9 de jun. de 2016

Desembargadora é processada por persuadir criança a ficar com mãe





Um das grandes evoluções do Direito de Família foi, em processos de disputa pela guarda de filhos, passar a se preocupar com o bem estar da criança em vez de com o direito dos pais. Assim, a disputa dos adultos passou a ser analisada quanto ao exercício das funções parentais. No entanto, chegou ao Conselho Nacional de Justiça o caso de uma desembargadora do Rio de Janeiro que parece seguir o caminho inverso.

Uma oitiva informal de um menino rendeu dois procedimentos disciplinares e um pedido de suspeição contra a desembargadora Lúcia Maria Miguel da Silva Lima, da 12ª Câmara Cível do Tribunal de Justiça. Ela é acusada de pressionar um menino, que diz ser maltratado pelo padrasto, a voltar a conviver com a mãe — que, ainda segundo a criança, acobertava os maus-tratos.Oitiva foi gravada em vídeo pelo garoto cuja guarda era disputada.

A oitiva aconteceu em setembro do ano passado, no gabinete da desembargadora e foi gravada em vídeo pelo próprio garoto, então com 11 anos. A ConJur teve acesso às filmagens com exclusividade.

Os diálogos impressionam. Por exemplo, ao ouvir o relato sobre os maus-tratos sofridos e pelos quais o jovem diz não querer visitar a mãe nem a cada 15 dias, a desembargadora responde que ele “não tem querer” e ameaça, dizendo que a negativa vai gerar consequências ruins para o pai.
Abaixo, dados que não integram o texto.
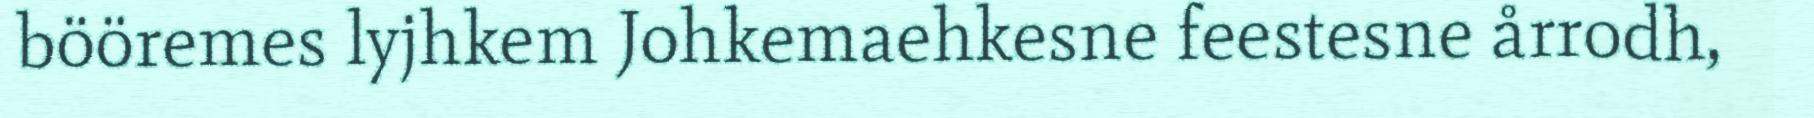
bööremes lyjhkem Johkemaehkesne feestesne årrodh,
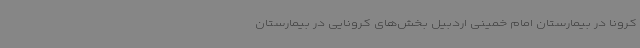
کرونا در بیمارستان امام خمینی اردبیل بخش‌های کرونایی در بیمارستان
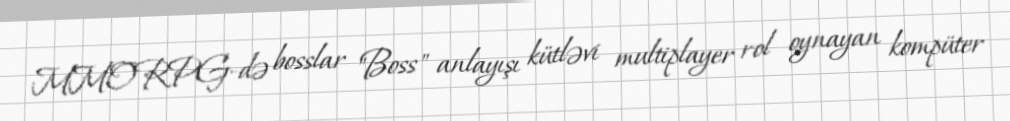
MMORPG-də bosslar "Boss" anlayışı kütləvi multiplayer rol oynayan kompüter
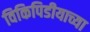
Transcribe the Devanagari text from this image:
विकिपिडीयाच्या
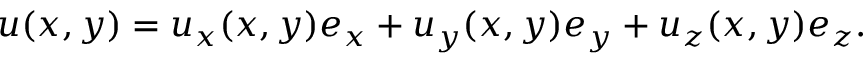
u ( x , y ) = u _ { x } ( x , y ) e _ { x } + u _ { y } ( x , y ) e _ { y } + u _ { z } ( x , y ) e _ { z } .
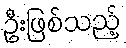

O encontro não contou com a participação dos advogados dos pais, de membro do Ministério Público, nem de profissional da equipe multidisciplinar do tribunal, que normalmente acompanham esses casos. Estavam presentes apenas a criança, a desembargadora e uma assessora dela.

O processo teve início depois que o menino, então sob a guarda da mãe, decidiu morar com o pai. Ela fica no Rio de Janeiro, e ele, em São Paulo. A mãe concordou que o jovem ficasse com o pai, mas se arrependeu. Por isso, entrou na Justiça para pedir o retorno dele no início deste ano.

A desembargadora pediu para ouvir o menino. O procedimento tem previsão no parágrafo 3º do artigo 161 do Estatuto da Criança e do Adolescente. Segundo o dispositivo, nos pedidos de modificação de guarda, “será obrigatória, desde que possível e razoável, a oitiva da criança ou adolescente, respeitado seu estágio de desenvolvimento e grau de compreensão sobre as implicações da medida”.

Leia os trechos do diálogo:

Menino — Eu não quero vir.

Desembargadora — Pois é, mas acontece o seguinte: você não tem querer.

Menino — Como assim?

Desembargadora — É. Quem tem querer é a sua mãe, que não pode ficar sem ver você. Você não tem saudade dela?

Menino — Eu gostaria muito que ela fosse para São Paulo. Paciência, eu não vou vir pro Rio.

Desembargadora — Não vai vir? Seu pai vai levar uma multa terrível. Duvido que ele não te traga.


Em outro trecho, a assistente da desembargadora questiona o menor se ele aceitaria visitar a mãe se ela se separasse do padrasto. A desembargadora, antes mesmo da resposta, afirma que ele não mudaria de ideia, porque é vítima de alienação parental.